In deze zaak gaat het om de vernietigbaarheid van een overeenkomst tot levering van internetpublicaties, gesloten tussen Proximedia Nederland B.V., h.o.d.n. BeUp, en een kleine patisserie-eigenaar, hierna te noemen [geïntimeerde]. De overeenkomst, die op 27 september 2011 werd gesloten, had een looptijd van 48 maanden en legde aanzienlijke financiële verplichtingen op aan [geïntimeerde]. Hij stelde dat de overeenkomst tot stand was gekomen onder invloed van dwaling, omdat hij niet goed op de hoogte was van de voorwaarden en de gevolgen van de overeenkomst. De kantonrechter had eerder geoordeeld dat de vertegenwoordigers van BeUp hadden moeten begrijpen dat [geïntimeerde] niet volledig op de hoogte was van wat hij ondertekende.

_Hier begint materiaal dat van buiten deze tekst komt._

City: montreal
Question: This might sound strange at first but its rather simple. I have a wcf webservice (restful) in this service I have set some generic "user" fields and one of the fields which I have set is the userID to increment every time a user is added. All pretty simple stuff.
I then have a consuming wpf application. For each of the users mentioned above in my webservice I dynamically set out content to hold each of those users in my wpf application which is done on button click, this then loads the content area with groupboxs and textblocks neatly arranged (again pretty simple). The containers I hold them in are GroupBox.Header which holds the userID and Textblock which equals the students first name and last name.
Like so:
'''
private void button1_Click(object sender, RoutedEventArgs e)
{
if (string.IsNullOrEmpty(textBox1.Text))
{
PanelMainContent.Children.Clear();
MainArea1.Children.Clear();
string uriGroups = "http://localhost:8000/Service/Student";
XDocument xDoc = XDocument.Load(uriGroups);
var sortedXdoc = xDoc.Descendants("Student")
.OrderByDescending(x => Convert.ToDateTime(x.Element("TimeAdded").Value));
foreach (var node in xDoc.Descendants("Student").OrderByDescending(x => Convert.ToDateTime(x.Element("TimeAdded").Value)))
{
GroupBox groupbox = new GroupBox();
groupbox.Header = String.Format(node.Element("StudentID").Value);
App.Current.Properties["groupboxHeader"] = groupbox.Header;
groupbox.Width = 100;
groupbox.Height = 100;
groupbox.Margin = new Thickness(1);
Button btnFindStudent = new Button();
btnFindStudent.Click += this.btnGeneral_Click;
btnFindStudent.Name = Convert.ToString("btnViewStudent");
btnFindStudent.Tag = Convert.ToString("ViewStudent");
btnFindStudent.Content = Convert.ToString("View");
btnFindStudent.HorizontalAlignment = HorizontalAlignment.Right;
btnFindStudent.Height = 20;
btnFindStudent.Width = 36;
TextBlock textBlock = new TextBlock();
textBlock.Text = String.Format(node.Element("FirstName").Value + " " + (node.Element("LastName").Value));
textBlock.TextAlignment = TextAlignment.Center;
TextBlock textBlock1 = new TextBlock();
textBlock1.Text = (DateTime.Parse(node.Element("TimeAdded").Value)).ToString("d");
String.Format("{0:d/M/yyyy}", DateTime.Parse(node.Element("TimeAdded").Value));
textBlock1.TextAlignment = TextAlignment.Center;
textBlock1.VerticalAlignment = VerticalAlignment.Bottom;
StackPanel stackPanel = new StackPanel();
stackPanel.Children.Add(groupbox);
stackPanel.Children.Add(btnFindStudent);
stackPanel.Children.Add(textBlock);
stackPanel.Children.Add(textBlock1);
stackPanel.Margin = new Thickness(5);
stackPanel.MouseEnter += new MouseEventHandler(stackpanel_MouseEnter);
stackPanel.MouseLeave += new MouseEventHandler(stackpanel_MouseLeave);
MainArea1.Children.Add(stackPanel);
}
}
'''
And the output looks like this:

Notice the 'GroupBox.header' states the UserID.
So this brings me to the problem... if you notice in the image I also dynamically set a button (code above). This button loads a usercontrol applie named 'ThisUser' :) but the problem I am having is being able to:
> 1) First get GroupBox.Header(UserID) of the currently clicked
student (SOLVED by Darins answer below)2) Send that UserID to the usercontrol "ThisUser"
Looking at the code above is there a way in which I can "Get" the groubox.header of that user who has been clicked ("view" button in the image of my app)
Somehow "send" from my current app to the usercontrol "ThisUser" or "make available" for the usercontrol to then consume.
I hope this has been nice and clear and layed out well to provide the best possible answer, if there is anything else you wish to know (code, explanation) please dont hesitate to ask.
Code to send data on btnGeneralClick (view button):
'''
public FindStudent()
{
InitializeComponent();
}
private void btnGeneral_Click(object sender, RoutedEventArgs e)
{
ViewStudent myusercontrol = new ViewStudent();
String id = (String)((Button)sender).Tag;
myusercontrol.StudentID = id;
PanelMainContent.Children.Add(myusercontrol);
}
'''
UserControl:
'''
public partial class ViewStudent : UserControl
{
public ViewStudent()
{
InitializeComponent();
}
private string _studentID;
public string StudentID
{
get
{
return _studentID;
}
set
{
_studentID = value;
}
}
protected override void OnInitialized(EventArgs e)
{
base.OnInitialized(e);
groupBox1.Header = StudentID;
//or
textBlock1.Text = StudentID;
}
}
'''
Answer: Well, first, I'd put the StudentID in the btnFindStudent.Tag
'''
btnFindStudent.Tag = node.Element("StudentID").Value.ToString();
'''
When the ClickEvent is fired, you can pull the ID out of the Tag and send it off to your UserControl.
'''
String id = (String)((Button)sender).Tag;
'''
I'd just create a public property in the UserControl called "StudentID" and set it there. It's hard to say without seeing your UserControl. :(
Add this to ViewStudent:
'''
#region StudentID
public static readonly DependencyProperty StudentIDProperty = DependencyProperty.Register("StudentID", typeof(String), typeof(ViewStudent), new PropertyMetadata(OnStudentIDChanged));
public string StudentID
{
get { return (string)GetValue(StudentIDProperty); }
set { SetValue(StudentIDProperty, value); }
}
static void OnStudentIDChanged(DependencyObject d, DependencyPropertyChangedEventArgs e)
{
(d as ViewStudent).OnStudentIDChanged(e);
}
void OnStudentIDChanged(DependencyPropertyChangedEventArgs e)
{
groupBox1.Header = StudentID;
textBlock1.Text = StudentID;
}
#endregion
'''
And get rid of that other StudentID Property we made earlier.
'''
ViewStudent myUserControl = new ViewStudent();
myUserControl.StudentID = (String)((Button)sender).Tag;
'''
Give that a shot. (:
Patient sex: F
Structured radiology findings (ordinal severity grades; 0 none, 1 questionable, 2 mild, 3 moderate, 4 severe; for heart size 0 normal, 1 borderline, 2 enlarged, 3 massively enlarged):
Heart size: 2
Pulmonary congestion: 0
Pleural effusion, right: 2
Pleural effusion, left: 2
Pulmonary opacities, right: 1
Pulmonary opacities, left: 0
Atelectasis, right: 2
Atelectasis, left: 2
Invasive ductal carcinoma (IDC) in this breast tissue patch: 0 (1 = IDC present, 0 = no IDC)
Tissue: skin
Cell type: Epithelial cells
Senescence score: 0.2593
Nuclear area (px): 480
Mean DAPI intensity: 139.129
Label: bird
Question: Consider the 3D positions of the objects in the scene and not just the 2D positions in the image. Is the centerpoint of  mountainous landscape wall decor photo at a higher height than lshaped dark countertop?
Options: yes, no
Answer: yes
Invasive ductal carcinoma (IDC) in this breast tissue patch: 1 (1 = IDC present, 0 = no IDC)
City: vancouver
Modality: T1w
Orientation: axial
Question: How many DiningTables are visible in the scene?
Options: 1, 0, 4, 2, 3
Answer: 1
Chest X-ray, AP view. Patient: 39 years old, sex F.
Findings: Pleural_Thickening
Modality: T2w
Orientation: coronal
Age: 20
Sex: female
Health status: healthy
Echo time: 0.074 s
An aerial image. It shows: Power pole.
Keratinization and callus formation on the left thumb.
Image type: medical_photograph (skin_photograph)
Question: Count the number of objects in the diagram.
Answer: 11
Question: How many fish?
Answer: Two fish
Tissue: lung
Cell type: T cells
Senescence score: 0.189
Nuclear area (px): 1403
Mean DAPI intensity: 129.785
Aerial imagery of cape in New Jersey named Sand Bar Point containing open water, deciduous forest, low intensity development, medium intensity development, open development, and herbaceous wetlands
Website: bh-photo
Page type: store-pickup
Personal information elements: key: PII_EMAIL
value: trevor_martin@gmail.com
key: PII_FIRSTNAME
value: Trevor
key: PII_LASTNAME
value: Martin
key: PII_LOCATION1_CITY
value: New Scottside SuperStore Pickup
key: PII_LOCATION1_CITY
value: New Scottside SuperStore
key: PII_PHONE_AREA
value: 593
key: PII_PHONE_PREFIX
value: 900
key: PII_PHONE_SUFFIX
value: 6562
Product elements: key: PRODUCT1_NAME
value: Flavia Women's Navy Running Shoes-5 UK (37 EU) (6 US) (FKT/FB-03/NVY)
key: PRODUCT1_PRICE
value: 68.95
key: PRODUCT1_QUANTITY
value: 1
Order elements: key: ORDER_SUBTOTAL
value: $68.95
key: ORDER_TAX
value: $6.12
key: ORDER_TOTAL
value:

Het hof heeft de zaak beoordeeld en vastgesteld dat [geïntimeerde] aannemelijk heeft gemaakt dat zijn handtekening onder de overeenkomst niet berustte op zijn wil om de overeenkomst aan te gaan. Het hof oordeelde dat de omstandigheden waaronder de overeenkomst tot stand kwam, waaronder de druk van de vertegenwoordigers van BeUp en het gebrek aan bedenktijd, hebben geleid tot een situatie waarin [geïntimeerde] niet in staat was om weloverwogen een beslissing te nemen. Het hof verwierp het beroep van BeUp op gerechtvaardigd vertrouwen, omdat de vertegenwoordigers onvoldoende onderzoek hadden gedaan naar de situatie van [geïntimeerde] en de overeenkomst niet in zijn voordeel was.
Uiteindelijk heeft het hof het bestreden vonnis van de kantonrechter bekrachtigd, wat betekent dat de overeenkomst als niet tot stand gekomen wordt beschouwd. BeUp werd veroordeeld in de kosten van het hoger beroep, en de kostenveroordeling werd uitvoerbaar bij voorraad verklaard.